Apologies, we’re a bit later than planned with the results of last week’s poll.

We won’t go through every single strip that was included, but it is perhaps worth noting that there was one option which received zero votes – the current Bayern offering with its ‘Santa beard’.
The 2025-26 kit is only red and white, which technically ticks the box of the hard-line Bayern fans that wanted blue to be dispensed with.
However, five of the top six in the final standings feature blue – with the caveat that the electorate was a wider spectrum rather than merely supporters of the club.


There were two kits tied in fifth place, each receiving 7 percent of the vote. The 1997-1999 kit represented a major change when it was introduced – its inspiration was certainly a left-field one.
Receiving the same level of support was the highest blue-less offering – the 2013-14 outfit which was also used as Bayern won the 2012-13 Champions League final, when Arjen Robben scored the winner against Borussia Dortmund at Wembley.
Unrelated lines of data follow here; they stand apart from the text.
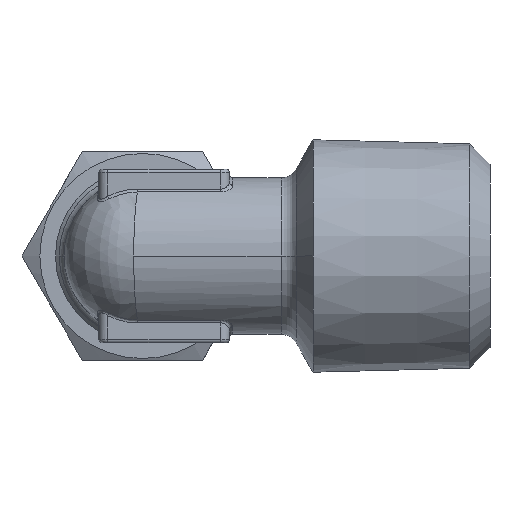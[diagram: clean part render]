
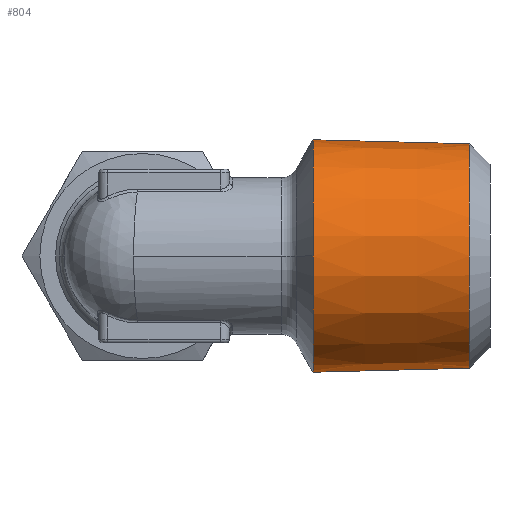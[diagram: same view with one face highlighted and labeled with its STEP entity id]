
A CAD part, left-side view. The second image highlights one B-rep face of the part: STEP entity #804.
In plain terms, the highlighted conical face has half-angle 1.47 degrees and reference radius 6.707 mm.
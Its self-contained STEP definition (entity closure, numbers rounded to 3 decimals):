
#424 = CARTESIAN_POINT ( 'NONE',  ( 0., -9.819, 0. ) ) ;
#425 = DIRECTION ( 'NONE',  ( 0., -1., 0. ) ) ;
#426 = DIRECTION ( 'NONE',  ( 0., 0., 1. ) ) ;
#427 = CARTESIAN_POINT ( 'NONE',  ( 0., -18.8, 0. ) ) ;
#428 = DIRECTION ( 'NONE',  ( 0., -1., 0. ) ) ;
#429 = DIRECTION ( 'NONE',  ( 0., 0., -1. ) ) ;
#659 = CIRCLE ( 'NONE', #665, 6.686 ) ;
#661 = CIRCLE ( 'NONE', #667, 6.455 ) ;
#665 = AXIS2_PLACEMENT_3D ( 'NONE', #424, #425, #426 ) ;
#667 = AXIS2_PLACEMENT_3D ( 'NONE', #427, #428, #429 ) ;
#804 = ADVANCED_FACE ( 'NONE', ( #3978 ), #1182, .T. ) ;
#869 = AXIS2_PLACEMENT_3D ( 'NONE', #3476, #3477, #3478 ) ;
#883 = VECTOR ( 'NONE', #3463, 1000. ) ;
#885 = VECTOR ( 'NONE', #3443, 1000. ) ;
#891 = CIRCLE ( 'NONE', #869, 6.686 ) ;
#903 = VERTEX_POINT ( 'NONE', #3244 ) ;
#969 = VERTEX_POINT ( 'NONE', #3310 ) ;
#970 = VERTEX_POINT ( 'NONE', #3311 ) ;
#1019 = VERTEX_POINT ( 'NONE', #3323 ) ;
#1021 = VERTEX_POINT ( 'NONE', #3325 ) ;
#1095 = EDGE_CURVE ( 'NONE', #969, #1019, #4031, .T. ) ;
#1167 = AXIS2_PLACEMENT_3D ( 'NONE', #4903, #4904, #4905 ) ;
#1182 = CONICAL_SURFACE ( 'NONE', #1167, 6.707, 0.026 ) ;
#1432 = EDGE_CURVE ( 'NONE', #970, #1021, #4033, .T. ) ;
#1438 = EDGE_CURVE ( 'NONE', #1021, #903, #891, .T. ) ;
#1643 = EDGE_CURVE ( 'NONE', #903, #1019, #659, .T. ) ;
#1644 = EDGE_CURVE ( 'NONE', #970, #969, #661, .T. ) ;
#3244 = CARTESIAN_POINT ( 'NONE',  ( -6.686, -9.819, 0. ) ) ;
#3310 = CARTESIAN_POINT ( 'NONE',  ( 0., -18.8, -6.455 ) ) ;
#3311 = CARTESIAN_POINT ( 'NONE',  ( 0., -18.8, 6.455 ) ) ;
#3323 = CARTESIAN_POINT ( 'NONE',  ( 0., -9.819, -6.686 ) ) ;
#3325 = CARTESIAN_POINT ( 'NONE',  ( 0., -9.819, 6.686 ) ) ;
#3442 = CARTESIAN_POINT ( 'NONE',  ( 0., -9., -6.707 ) ) ;
#3443 = DIRECTION ( 'NONE',  ( 0., 1., -0.026 ) ) ;
#3462 = CARTESIAN_POINT ( 'NONE',  ( 0., -9., 6.707 ) ) ;
#3463 = DIRECTION ( 'NONE',  ( 0., 1., 0.026 ) ) ;
#3476 = CARTESIAN_POINT ( 'NONE',  ( 0., -9.819, 0. ) ) ;
#3477 = DIRECTION ( 'NONE',  ( 0., -1., 0. ) ) ;
#3478 = DIRECTION ( 'NONE',  ( 0., 0., 1. ) ) ;
#3778 = ORIENTED_EDGE ( 'NONE', *, *, #1438, .T. ) ;
#3779 = ORIENTED_EDGE ( 'NONE', *, *, #1095, .F. ) ;
#3780 = ORIENTED_EDGE ( 'NONE', *, *, #1644, .F. ) ;
#3781 = ORIENTED_EDGE ( 'NONE', *, *, #1432, .T. ) ;
#3782 = ORIENTED_EDGE ( 'NONE', *, *, #1643, .T. ) ;
#3978 = FACE_OUTER_BOUND ( 'NONE', #4677, .T. ) ;
#4031 = LINE ( 'NONE', #3442, #885 ) ;
#4033 = LINE ( 'NONE', #3462, #883 ) ;
#4677 = EDGE_LOOP ( 'NONE', ( #3779, #3780, #3781, #3778, #3782 ) ) ;
#4903 = CARTESIAN_POINT ( 'NONE',  ( 0., -9., 0. ) ) ;
#4904 = DIRECTION ( 'NONE',  ( 0., 1., 0. ) ) ;
#4905 = DIRECTION ( 'NONE',  ( 0., 0., 1. ) ) ;

Receiving one more vote than those two was the 2014-15 Bayern primary kit, the last time that they opted for stripes.
With 8 percent in third place was the 1999-2001 home strip, which took the colours of its precedessor and flipped the order of priority in a nice design.


It could perhaps be said to be a direct descendant of the the oldest option available to vote for, the 1991-93 home, which came second with 14 percent of the poll.
Utilising adidas’s ‘Equipment A’ design, it reintroduced blue to the home palette for the first time since the 1970s. Is successor, 1993-95, evolved the design but was not as popular – top ten here but no higher. However, the next one after that, 1995-97, proved to be the winner.

Perhaps benefiting from familiarity as the same style was used by Crystal Palace from 1996-98, it led from the off and garnered 18 percent of the votes.